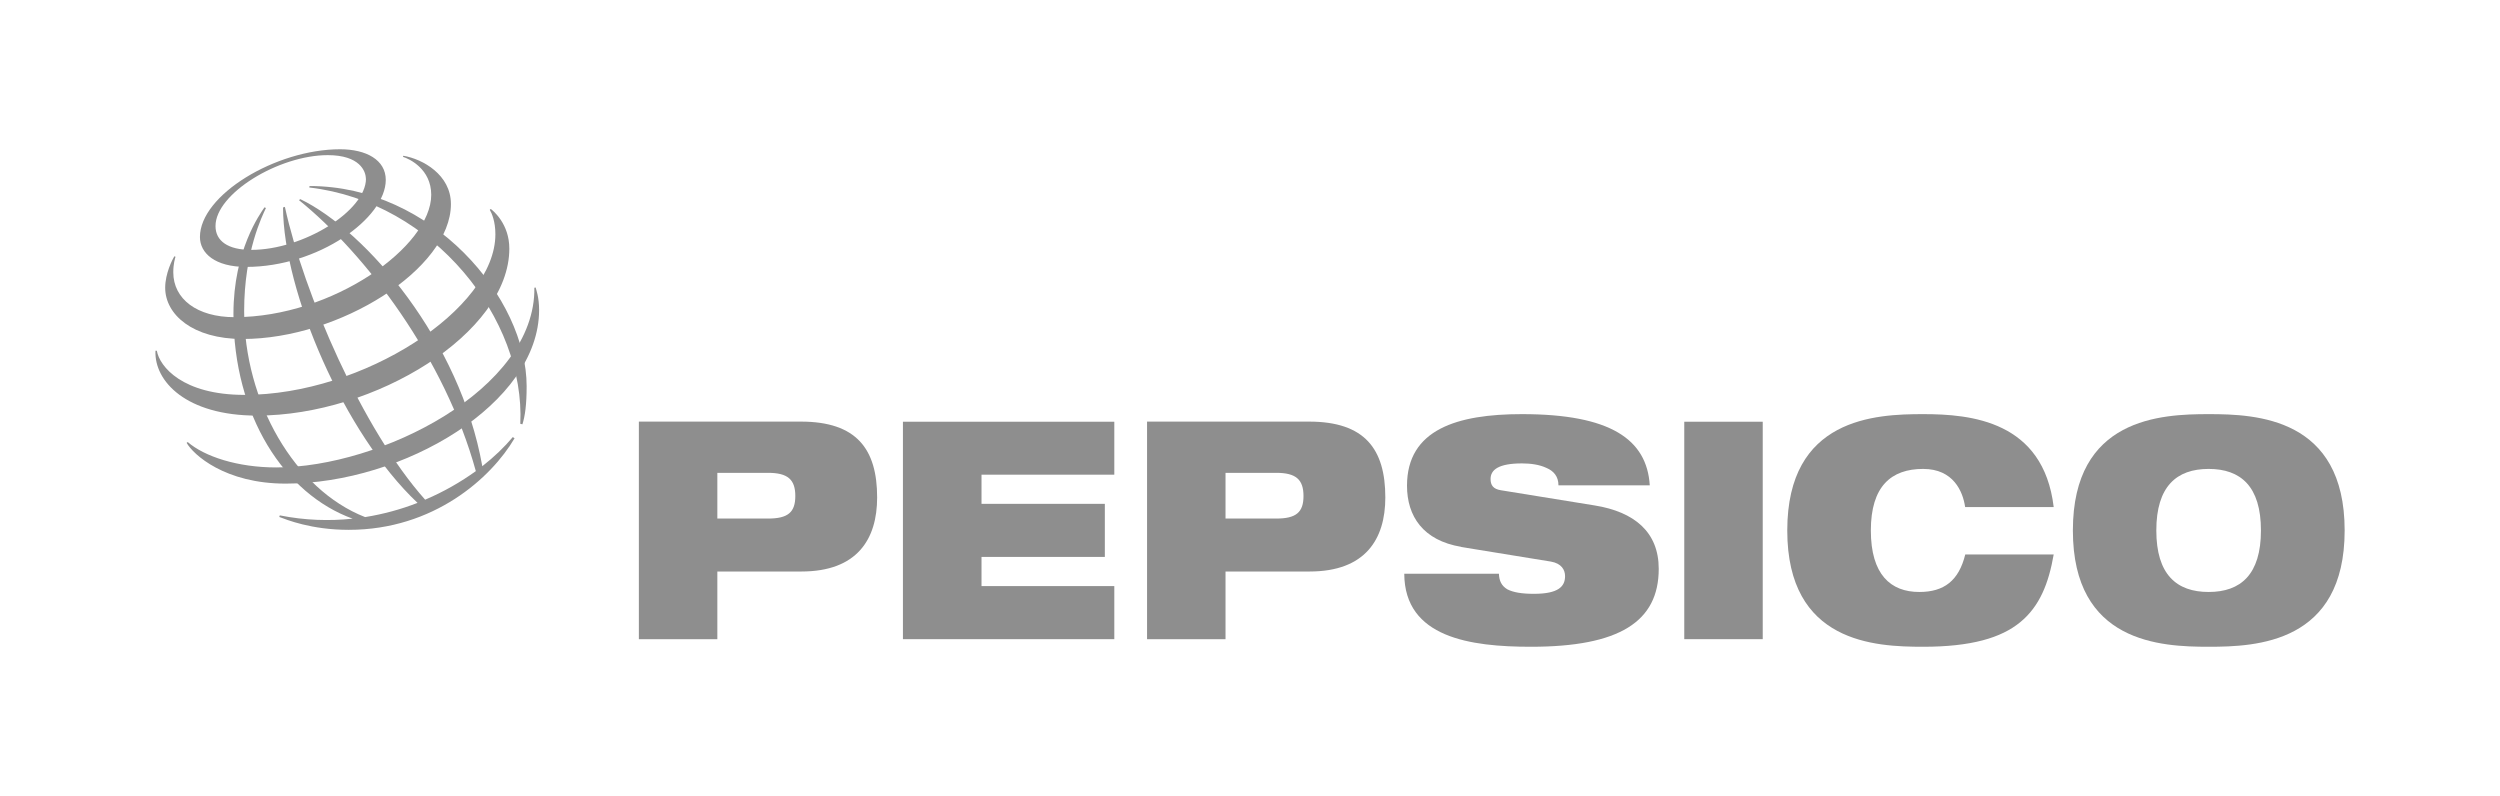 <svg width="201" height="64" viewBox="0 0 201 64" fill="none" xmlns="http://www.w3.org/2000/svg">
<mask id="mask0_578_22351" style="mask-type:alpha" maskUnits="userSpaceOnUse" x="0" y="0" width="201" height="64">
<rect x="0.5" width="200" height="64" fill="#D9D9D9"/>
</mask>
<g mask="url(#mask0_578_22351)">
</g>
<g clip-path="url(#clip0_578_22351)">
<path fill-rule="evenodd" clip-rule="evenodd" d="M57.674 38.016H61.75C63.342 38.016 63.943 38.558 63.943 39.879C63.943 41.199 63.342 41.692 61.75 41.692H57.674V38.016ZM51.365 51.389H57.674V45.949H64.434C68.91 45.949 70.522 43.357 70.522 39.997C70.522 36.104 68.87 33.897 64.394 33.897H51.365V51.379V51.389Z" fill="#8E8E8E"/>
<path fill-rule="evenodd" clip-rule="evenodd" d="M72.596 33.907H89.59V38.164H78.914V40.509H88.829V44.776H78.914V47.122H89.59V51.389H72.596V33.907Z" fill="#8E8E8E"/>
<path fill-rule="evenodd" clip-rule="evenodd" d="M98.532 38.016H102.608C104.2 38.016 104.801 38.558 104.801 39.879C104.801 41.199 104.2 41.692 102.608 41.692H98.532V38.016ZM92.223 51.389H98.532V45.949H105.292C109.768 45.949 111.38 43.357 111.38 39.997C111.38 36.104 109.728 33.897 105.252 33.897H92.223V51.379V51.389Z" fill="#8E8E8E"/>
<path fill-rule="evenodd" clip-rule="evenodd" d="M117.489 43.968C114.405 43.456 113.123 41.495 113.123 39.051C113.123 34.518 117.179 33.296 122.366 33.296C129.486 33.296 132.41 35.326 132.641 39.021H125.3C125.3 38.312 124.92 37.868 124.339 37.622C123.778 37.356 123.067 37.258 122.366 37.258C120.483 37.258 119.842 37.77 119.842 38.509C119.842 39.002 120.043 39.317 120.674 39.416L128.214 40.638C131.389 41.15 133.362 42.766 133.362 45.733C133.362 49.99 130.187 52 123.087 52C118.23 52 112.923 51.271 112.903 46.127H120.513C120.533 46.718 120.734 47.102 121.184 47.378C121.655 47.625 122.346 47.743 123.327 47.743C125.3 47.743 125.831 47.151 125.831 46.324C125.831 45.811 125.541 45.299 124.689 45.151L117.479 43.978L117.489 43.968Z" fill="#8E8E8E"/>
<path fill-rule="evenodd" clip-rule="evenodd" d="M135.415 33.907H141.724V51.389H135.415V33.907Z" fill="#8E8E8E"/>
<path fill-rule="evenodd" clip-rule="evenodd" d="M165.117 44.58C164.716 46.886 163.995 48.738 162.433 50.019C160.891 51.291 158.477 52 154.622 52C150.766 52 143.696 51.704 143.696 42.648C143.696 33.592 150.786 33.296 154.622 33.296C158.457 33.296 164.286 33.838 165.117 40.766H157.997C157.816 39.514 157.055 37.701 154.622 37.701C152.048 37.701 150.416 39.1 150.416 42.648C150.416 46.196 152.008 47.595 154.311 47.595C156.304 47.595 157.486 46.688 158.007 44.58H165.127H165.117Z" fill="#8E8E8E"/>
<path fill-rule="evenodd" clip-rule="evenodd" d="M173.368 42.648C173.368 39.1 175.001 37.701 177.574 37.701C180.148 37.701 181.78 39.1 181.78 42.648C181.78 46.196 180.148 47.595 177.574 47.595C175.001 47.595 173.368 46.196 173.368 42.648ZM166.659 42.648C166.659 51.704 173.749 52 177.584 52C181.42 52 188.51 51.704 188.51 42.648C188.51 33.592 181.42 33.296 177.584 33.296C173.749 33.296 166.659 33.592 166.659 42.648Z" fill="#8E8E8E"/>
<path fill-rule="evenodd" clip-rule="evenodd" d="M41.832 34.075C42.242 25.688 34.892 16.238 24.867 15.075L24.887 14.957C34.761 14.957 42.342 23.954 42.342 31.059C42.342 32.537 42.212 33.454 42.002 34.114L41.832 34.075ZM41.231 35.139C40.57 35.927 39.749 36.725 38.777 37.484C36.995 27.403 29.464 18.583 24.146 16.011L24.036 16.09C29.394 20.416 35.773 28.812 38.257 37.878C37.065 38.736 35.693 39.534 34.181 40.175C29.123 34.508 24.417 23.57 22.905 16.632L22.755 16.681C22.785 23.412 27.651 34.853 33.57 40.431C32.258 40.943 30.836 41.337 29.354 41.574C23.676 39.357 19.63 32.271 19.63 24.998C19.63 20.258 21.102 17.322 21.383 16.721L21.262 16.671C20.922 17.184 18.769 20.12 18.769 25.235C18.769 33.444 22.885 39.721 28.352 41.702C26.48 41.899 24.517 41.84 22.494 41.436L22.454 41.564C23.035 41.781 25.018 42.599 28.042 42.599C34.882 42.599 39.508 38.411 41.371 35.237L41.241 35.149L41.231 35.139Z" fill="#8E8E8E"/>
<path fill-rule="evenodd" clip-rule="evenodd" d="M27.351 12C22.164 12 16.075 15.686 16.075 19.056C16.075 20.357 17.287 21.46 19.791 21.46C25.609 21.46 31.016 17.529 31.016 14.464C31.016 12.857 29.444 12 27.341 12H27.351ZM29.424 14.365C29.424 16.947 24.397 20.091 20.191 20.091C18.328 20.091 17.327 19.371 17.327 18.179C17.317 15.577 22.404 12.473 26.35 12.473C28.923 12.473 29.414 13.764 29.414 14.365H29.424Z" fill="#8E8E8E"/>
<path fill-rule="evenodd" clip-rule="evenodd" d="M14.012 20.613C13.862 20.86 13.281 21.983 13.281 23.136C13.281 25.274 15.474 27.255 19.51 27.255C27.281 27.255 36.254 21.628 36.254 16.405C36.254 14.06 34 12.789 32.428 12.523L32.398 12.611C32.889 12.759 34.671 13.577 34.671 15.666C34.671 19.825 26.75 25.501 18.859 25.501C15.835 25.501 13.932 24.033 13.932 21.894C13.932 21.214 14.072 20.771 14.112 20.643L14.002 20.603L14.012 20.613Z" fill="#8E8E8E"/>
<path fill-rule="evenodd" clip-rule="evenodd" d="M39.458 16.799C39.669 16.957 40.95 18.011 40.95 19.992C40.95 26.762 30.175 33.414 20.651 33.414C14.973 33.414 12.39 30.655 12.5 28.201H12.61C12.83 29.472 14.673 31.749 19.65 31.749C29.184 31.749 39.829 24.86 39.829 18.839C39.829 17.805 39.548 17.164 39.378 16.868L39.458 16.799Z" fill="#8E8E8E"/>
<path fill-rule="evenodd" clip-rule="evenodd" d="M43.063 23.116C43.104 23.264 43.344 23.904 43.344 24.919C43.344 32.448 32.438 38.883 22.965 38.883C18.088 38.883 15.534 36.548 15.004 35.602L15.094 35.542C16.446 36.705 19.099 37.582 22.204 37.582C30.576 37.582 43.074 31.315 42.963 23.136L43.084 23.106L43.063 23.116Z" fill="#8E8E8E"/>
</g>
<defs>
<clipPath id="clip0_578_22351">
<rect width="176" height="40" fill="white" transform="translate(12.5 12)"/>
</clipPath>
</defs>
</svg>
.....
### What the task asks:
Search the records for the string "mask", and copy every line that holds it.

### Task response:
<mask id="mask0_578_22351" style="mask-type:alpha" maskUnits="userSpaceOnUse" x="0" y="0" width="201" height="64">
</mask>
<g mask="url(#mask0_578_22351)">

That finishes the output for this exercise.